— Task objective —
Every record below is to be repeated exactly, with the pictures left out.

[Stored data]
════

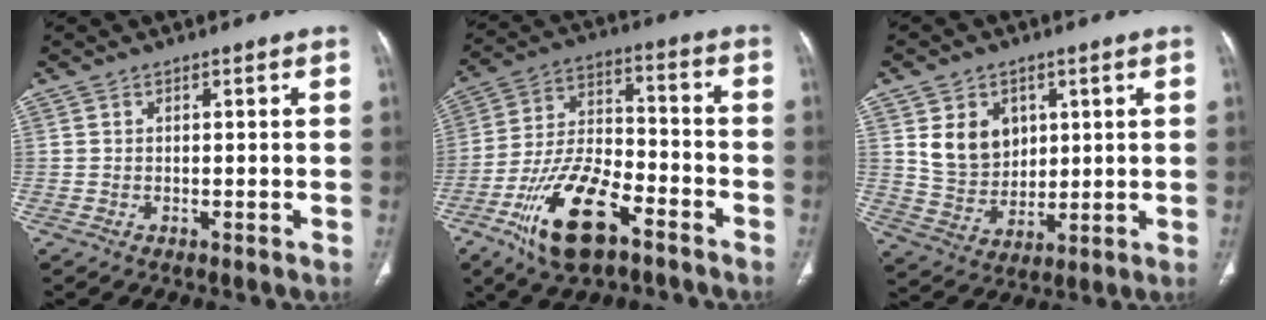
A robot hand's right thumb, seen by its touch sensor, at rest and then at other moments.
{"total": 17.0, "force": [-9.5, 7.3, 12.0], "torque": [-0.222, 0.055, -0.171]}
{"total": 9.6, "force": [3.1, 7.8, 4.8], "torque": [-0.051, -0.020, 0.072]}
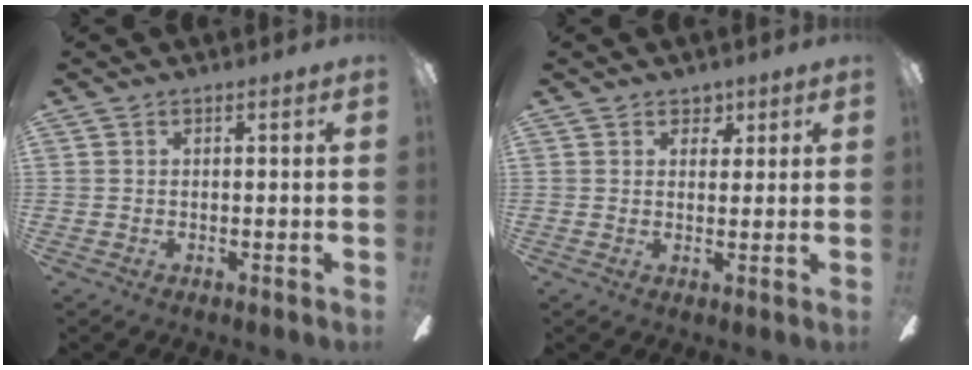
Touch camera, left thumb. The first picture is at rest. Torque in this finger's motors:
{"motor_torque": [-0.24, -0.20, -0.15, -0.20, 0.06]}
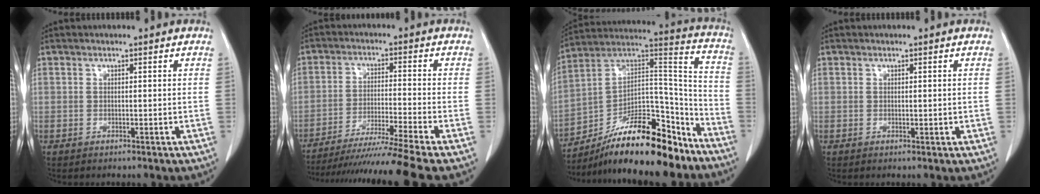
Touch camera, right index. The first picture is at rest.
{"total": 15.2, "force": [-13.0, -3.4, 7.0], "torque": [-0.101, -0.037, -0.210]}
{"total": 21.9, "force": [-16.5, 5.7, 13.3], "torque": [-0.200, 0.040, -0.276]}
{"total": 0.8, "force": [0.0, 0.3, 0.7], "torque": [-0.009, -0.002, 0.000]}
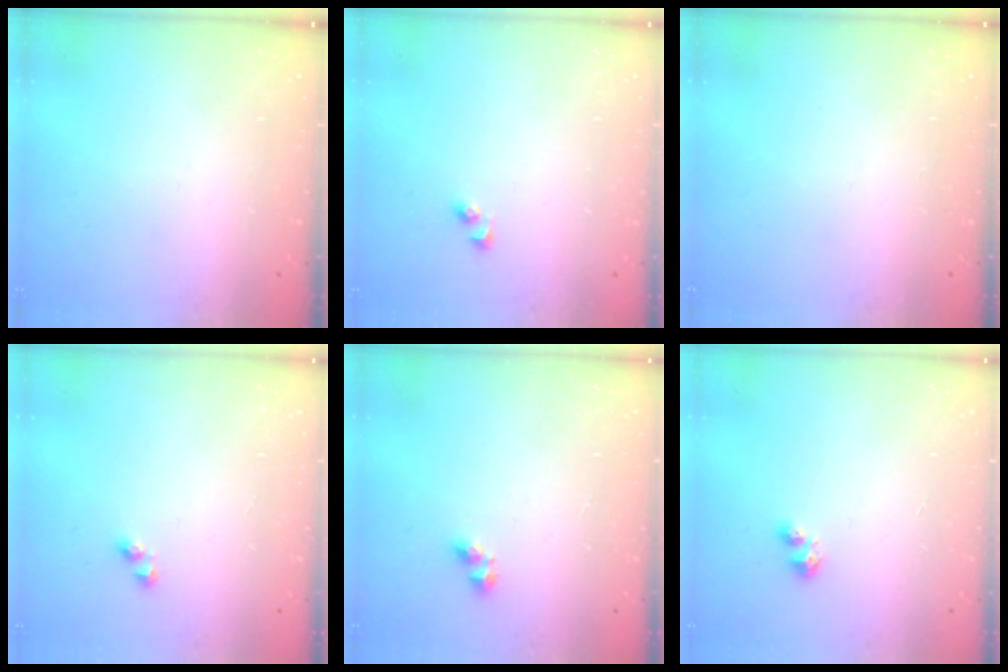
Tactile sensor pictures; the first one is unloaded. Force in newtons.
{"total": 2.5, "press": 2.5, "slide": 0.3}
{"total": 0.0}
{"total": 2.5, "press": 2.5, "slide": 0.2}
{"total": 3.7, "press": 3.7, "slide": 0.3}
{"total": 3.0, "press": 2.9, "slide": 0.3}
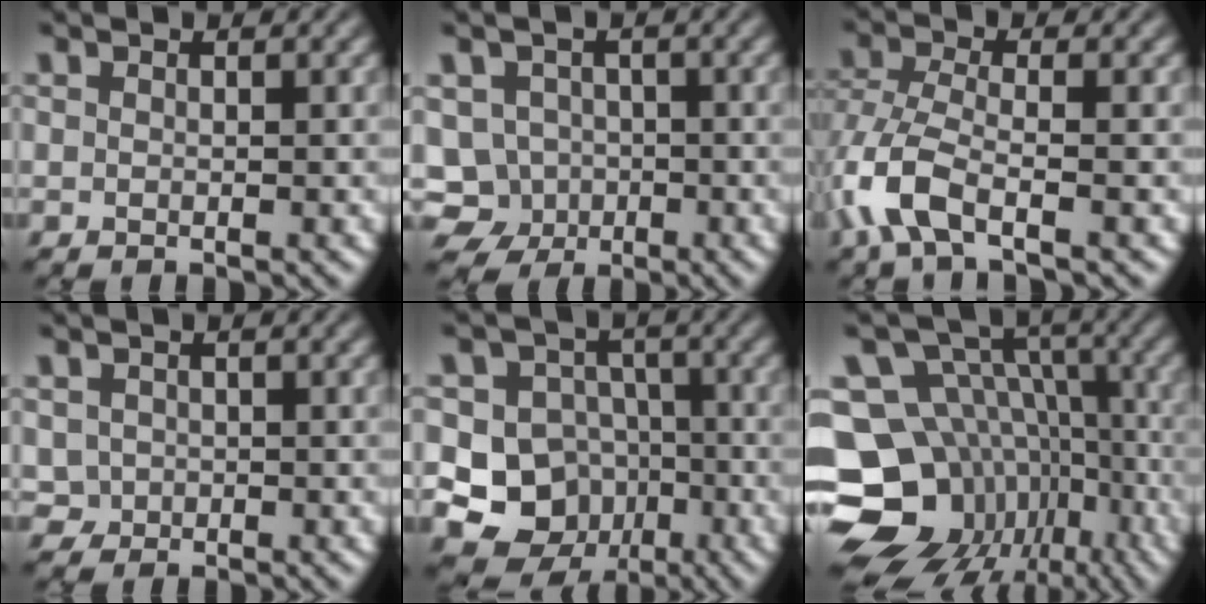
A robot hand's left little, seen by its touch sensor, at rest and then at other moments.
{"total": 5.6, "force": [-2.3, 5.0, 1.4], "torque": [-0.004, 0.005, -0.055]}
{"total": 4.6, "force": [-2.4, 1.4, 3.6], "torque": [-0.093, 0.000, -0.059]}
{"total": 1.6, "force": [0.0, 1.6, 0.4], "torque": [0.002, 0.005, 0.006]}
{"total": 10.3, "force": [-2.9, 9.4, 3.3], "torque": [-0.060, 0.002, -0.061]}
{"total": 16.1, "force": [-5.9, 13.0, 7.5], "torque": [-0.150, -0.006, -0.065]}
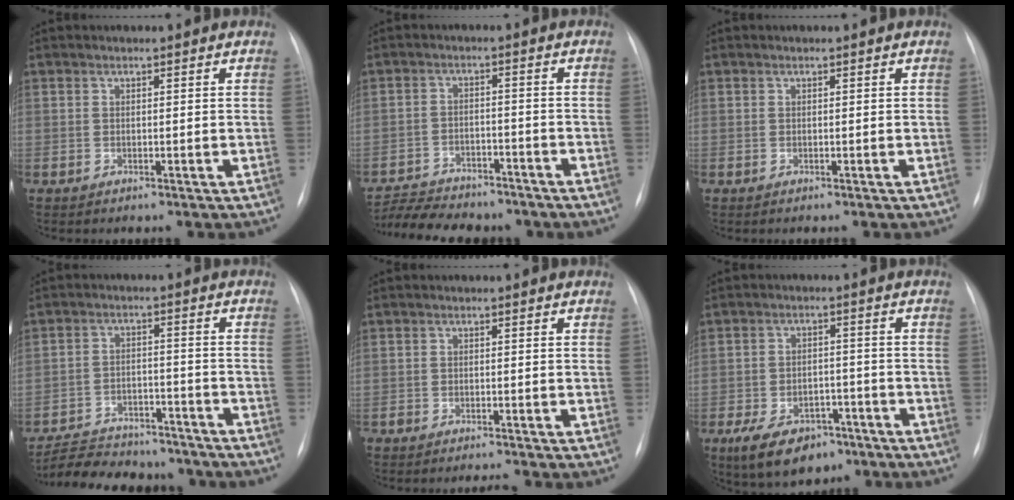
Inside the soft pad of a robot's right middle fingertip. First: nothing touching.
{"total": 10.3, "force": [-9.4, 3.0, 3.0], "torque": [-0.052, 0.007, -0.138]}
{"total": 0.0}
{"total": 14.6, "force": [-13.4, 4.2, 4.1], "torque": [-0.068, 0.025, -0.188]}
{"total": 1.5, "force": [-1.4, -0.2, 0.3], "torque": [-0.006, -0.007, -0.022]}
{"total": 9.8, "force": [-6.3, 5.4, 5.2], "torque": [-0.089, 0.005, -0.095]}
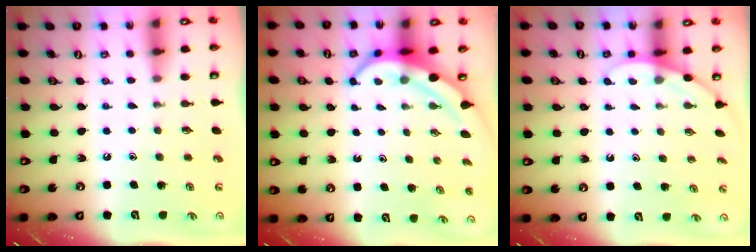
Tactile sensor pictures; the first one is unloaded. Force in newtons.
{"total": 6.4, "press": 6.3, "slide": 0.8}
{"total": 2.8, "press": 2.8, "slide": 0.2}
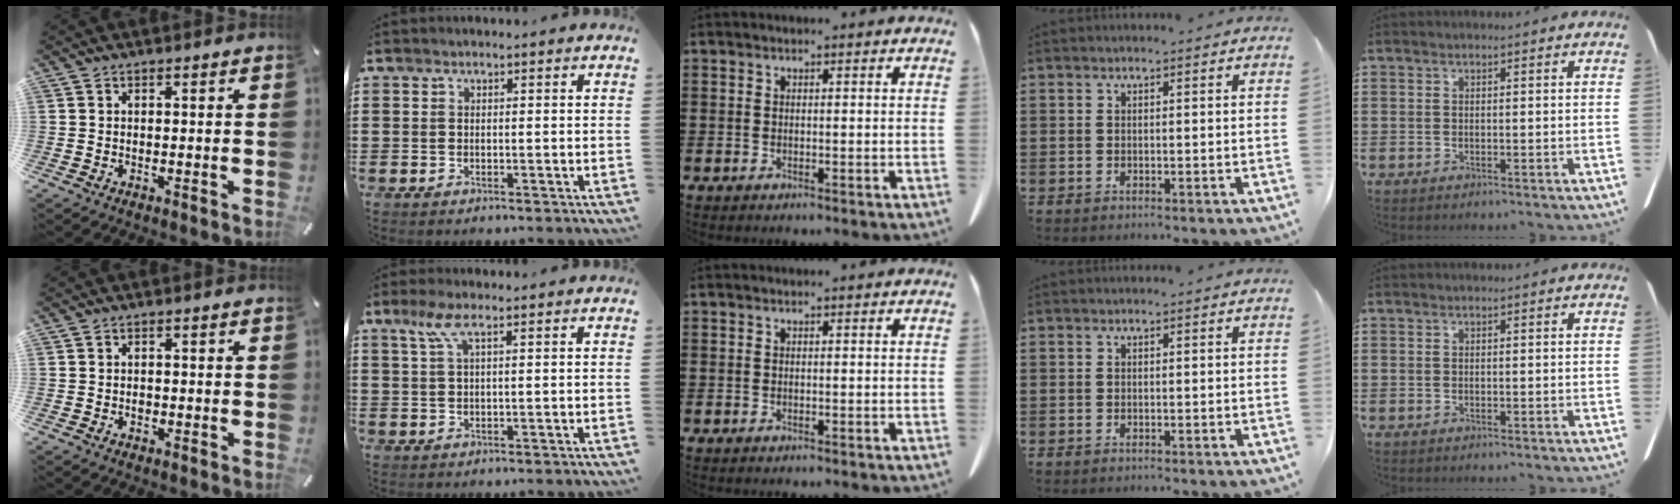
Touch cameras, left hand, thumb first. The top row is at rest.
{"thumb": {"total": 0.9, "force": [-0.3, 0.7, 0.5], "torque": [-0.011, 0.002, -0.006]}, "index": {"total": 3.7, "force": [1.7, 0.8, 3.2], "torque": [-0.070, 0.005, 0.029]}}
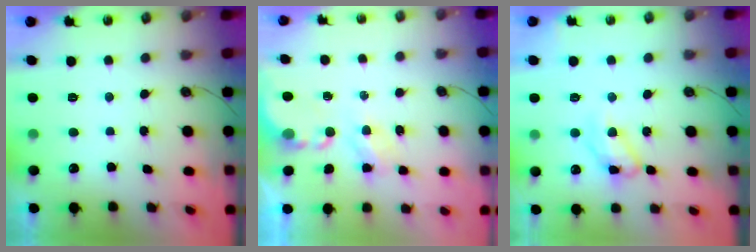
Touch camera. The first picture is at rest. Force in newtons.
{"total": 3.9, "press": 3.9, "slide": 0.1}
{"total": 11.4, "press": 11.3, "slide": 1.1}
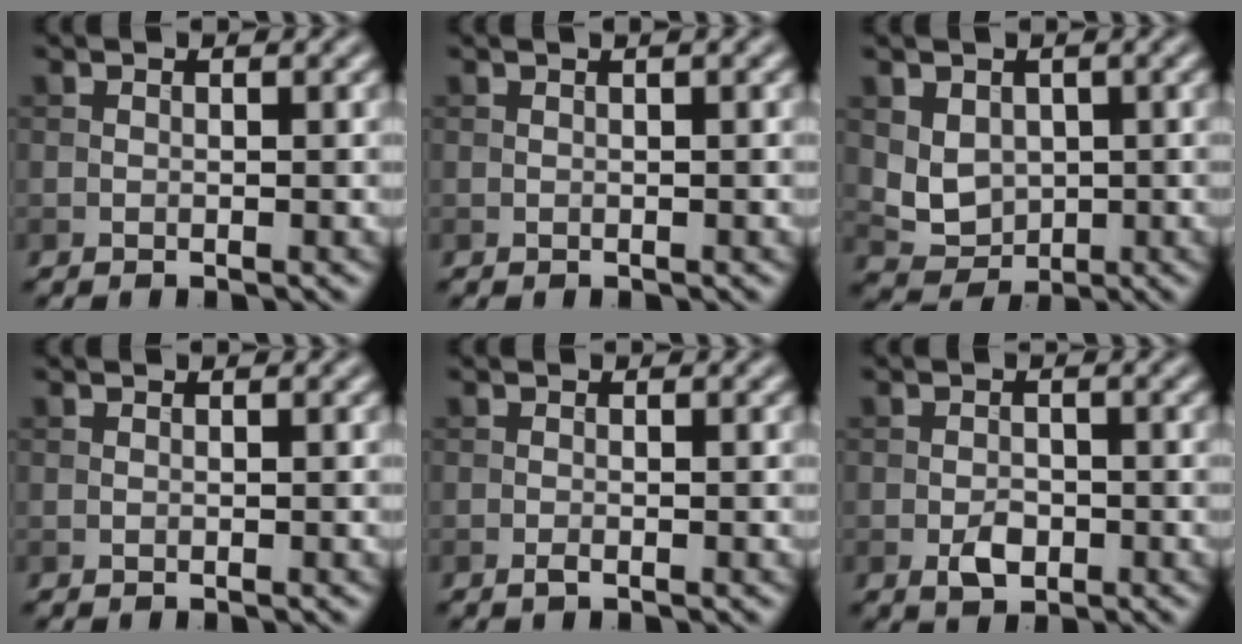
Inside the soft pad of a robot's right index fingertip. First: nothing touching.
{"total": 0.9, "force": [0.4, 0.2, 0.8], "torque": [-0.010, 0.008, 0.002]}
{"total": 3.5, "force": [0.5, 2.8, 1.9], "torque": [-0.038, -0.008, 0.017]}
{"total": 0.0}
{"total": 0.6, "force": [-0.3, 0.1, 0.4], "torque": [-0.010, 0.000, -0.007]}
{"total": 2.2, "force": [-0.8, 1.4, 1.5], "torque": [-0.024, 0.000, -0.016]}
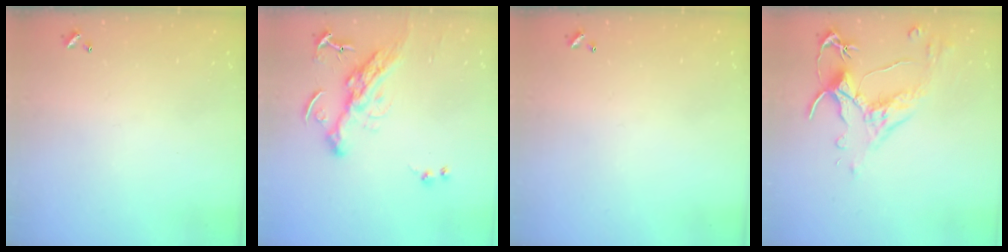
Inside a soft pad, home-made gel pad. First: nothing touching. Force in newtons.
{"total": 12.7, "press": 12.6, "slide": 1.7}
{"total": 0.0}
{"total": 2.5, "press": 2.2, "slide": 1.3}
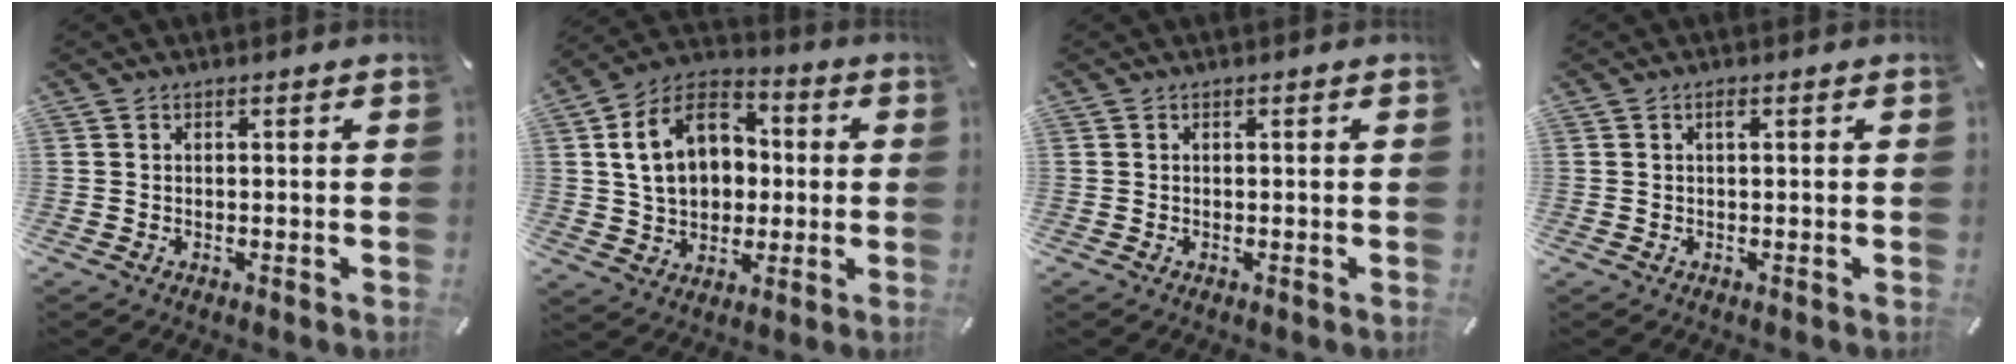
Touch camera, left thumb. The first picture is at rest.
{"total": 15.4, "force": [2.5, 12.1, 9.1], "torque": [-0.182, 0.006, 0.046]}
{"total": 0.0}
{"total": 1.0, "force": [0.3, 0.3, 0.9], "torque": [-0.019, 0.004, 0.004]}
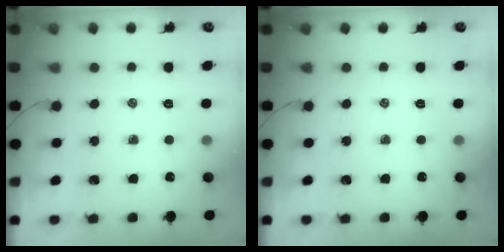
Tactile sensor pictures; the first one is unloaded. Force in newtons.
{"total": 0.0}
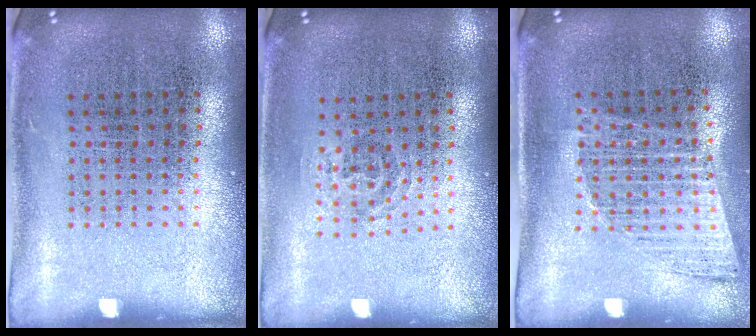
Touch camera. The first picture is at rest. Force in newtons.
{"total": 0.9, "press": 0.6, "slide": 0.7}
{"total": 1.0, "press": 1.0, "slide": 0.4}
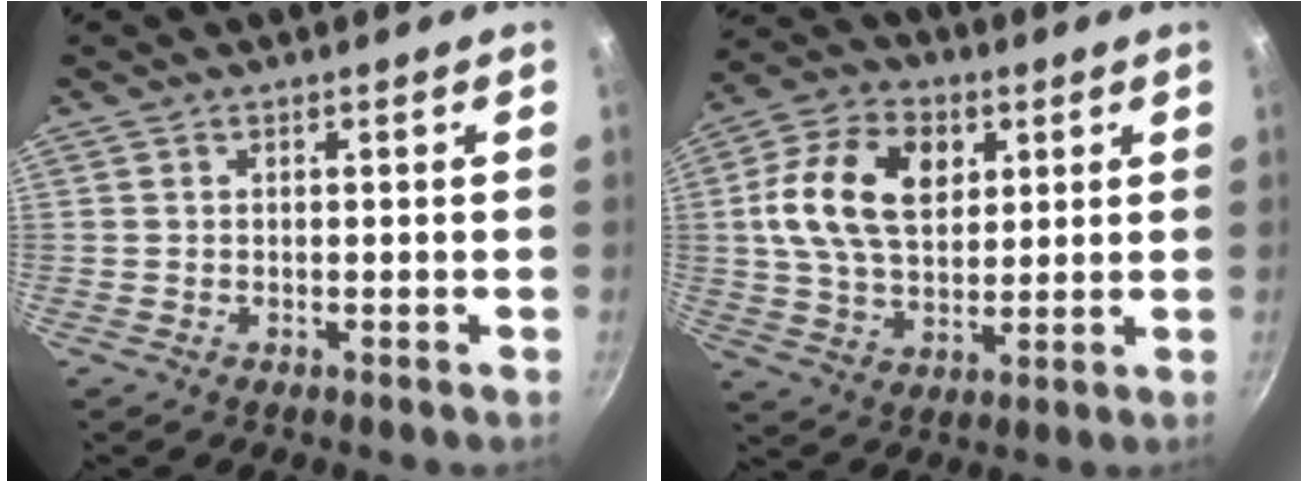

════

— Your solution —
A robot hand's right thumb, seen by its touch sensor, at rest and then at other moments.
{"total": 17.0, "force": [-9.5, 7.3, 12.0], "torque": [-0.222, 0.055, -0.171]}
{"total": 9.6, "force": [3.1, 7.8, 4.8], "torque": [-0.051, -0.020, 0.072]}
Touch camera, left thumb. The first picture is at rest. Torque in this finger's motors:
{"motor_torque": [-0.24, -0.20, -0.15, -0.20, 0.06]}
Touch camera, right index. The first picture is at rest.
{"total": 15.2, "force": [-13.0, -3.4, 7.0], "torque": [-0.101, -0.037, -0.210]}
{"total": 21.9, "force": [-16.5, 5.7, 13.3], "torque": [-0.200, 0.040, -0.276]}
{"total": 0.8, "force": [0.0, 0.3, 0.7], "torque": [-0.009, -0.002, 0.000]}
Tactile sensor pictures; the first one is unloaded. Force in newtons.
{"total": 2.5, "press": 2.5, "slide": 0.3}
{"total": 0.0}
{"total": 2.5, "press": 2.5, "slide": 0.2}
{"total": 3.7, "press": 3.7, "slide": 0.3}
{"total": 3.0, "press": 2.9, "slide": 0.3}
A robot hand's left little, seen by its touch sensor, at rest and then at other moments.
{"total": 5.6, "force": [-2.3, 5.0, 1.4], "torque": [-0.004, 0.005, -0.055]}
{"total": 4.6, "force": [-2.4, 1.4, 3.6], "torque": [-0.093, 0.000, -0.059]}
{"total": 1.6, "force": [0.0, 1.6, 0.4], "torque": [0.002, 0.005, 0.006]}
{"total": 10.3, "force": [-2.9, 9.4, 3.3], "torque": [-0.060, 0.002, -0.061]}
{"total": 16.1, "force": [-5.9, 13.0, 7.5], "torque": [-0.150, -0.006, -0.065]}
Inside the soft pad of a robot's right middle fingertip. First: nothing touching.
{"total": 10.3, "force": [-9.4, 3.0, 3.0], "torque": [-0.052, 0.007, -0.138]}
{"total": 0.0}
{"total": 14.6, "force": [-13.4, 4.2, 4.1], "torque": [-0.068, 0.025, -0.188]}
{"total": 1.5, "force": [-1.4, -0.2, 0.3], "torque": [-0.006, -0.007, -0.022]}
{"total": 9.8, "force": [-6.3, 5.4, 5.2], "torque": [-0.089, 0.005, -0.095]}
Tactile sensor pictures; the first one is unloaded. Force in newtons.
{"total": 6.4, "press": 6.3, "slide": 0.8}
{"total": 2.8, "press": 2.8, "slide": 0.2}
Touch cameras, left hand, thumb first. The top row is at rest.
{"thumb": {"total": 0.9, "force": [-0.3, 0.7, 0.5], "torque": [-0.011, 0.002, -0.006]}, "index": {"total": 3.7, "force": [1.7, 0.8, 3.2], "torque": [-0.070, 0.005, 0.029]}}
Touch camera. The first picture is at rest. Force in newtons.
{"total": 3.9, "press": 3.9, "slide": 0.1}
{"total": 11.4, "press": 11.3, "slide": 1.1}
Inside the soft pad of a robot's right index fingertip. First: nothing touching.
{"total": 0.9, "force": [0.4, 0.2, 0.8], "torque": [-0.010, 0.008, 0.002]}
{"total": 3.5, "force": [0.5, 2.8, 1.9], "torque": [-0.038, -0.008, 0.017]}
{"total": 0.0}
{"total": 0.6, "force": [-0.3, 0.1, 0.4], "torque": [-0.010, 0.000, -0.007]}
{"total": 2.2, "force": [-0.8, 1.4, 1.5], "torque": [-0.024, 0.000, -0.016]}
Inside a soft pad, home-made gel pad. First: nothing touching. Force in newtons.
{"total": 12.7, "press": 12.6, "slide": 1.7}
{"total": 0.0}
{"total": 2.5, "press": 2.2, "slide": 1.3}
Touch camera, left thumb. The first picture is at rest.
{"total": 15.4, "force": [2.5, 12.1, 9.1], "torque": [-0.182, 0.006, 0.046]}
{"total": 0.0}
{"total": 1.0, "force": [0.3, 0.3, 0.9], "torque": [-0.019, 0.004, 0.004]}
Tactile sensor pictures; the first one is unloaded. Force in newtons.
{"total": 0.0}
Touch camera. The first picture is at rest. Force in newtons.
{"total": 0.9, "press": 0.6, "slide": 0.7}
{"total": 1.0, "press": 1.0, "slide": 0.4}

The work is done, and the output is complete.